Memory system (5 layers)
| Layer | Purpose | Lifetime |
|---|---|---|
| L0 Governance | Project rules from CLAUDE.md / AGENTS.md / .llmcode/governance.md |
Permanent, always loaded |
| L1 Working | Current task scratch space | Ephemeral |
| L2 Project | Long-term project knowledge with 4-type taxonomy (user/feedback/project/reference) | Persistent, DreamTask consolidates |
| L3 Task | Multi-session task state machine (PLAN→DO→VERIFY→CLOSE→DONE) | Cross-session |
| L4 Summary | Past session summaries | Persistent |
Plus typed memory with MEMORY.md index, 25KB hard limit, and content validation that rejects derivable content (git logs, code dumps, file path lists).
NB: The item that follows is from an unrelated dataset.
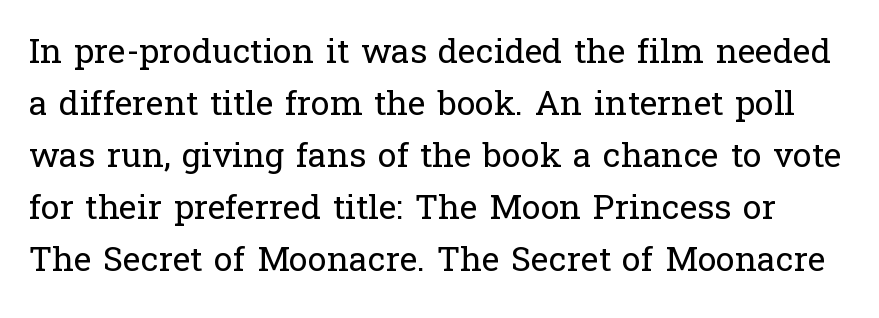
Each letter keeps its own natural width here, so spacing adapts to shape. No heavy texture on the line: the type isn't bold. Does extra space separate the letters? No, they use regular spacing. The designer left line spacing at the default.

See docs/memory.md for the full guide.
Coordinator with synthesis-first
user task → synthesize → should_delegate? → decompose → spawn/resume → wait → aggregate
The coordinator's first action is not decomposition — it's a synthesis check that asks the LLM "do I actually need to delegate this, and if so, what do I already know vs. what needs investigation?" This catches 30-50% of cases where naive coordinators would have spawned 3-5 unnecessary workers for trivial tasks.
Plus subagent resume — pass resume_member_ids to continue existing workers instead of spawning fresh, so multi-stage workflows keep their accumulated context.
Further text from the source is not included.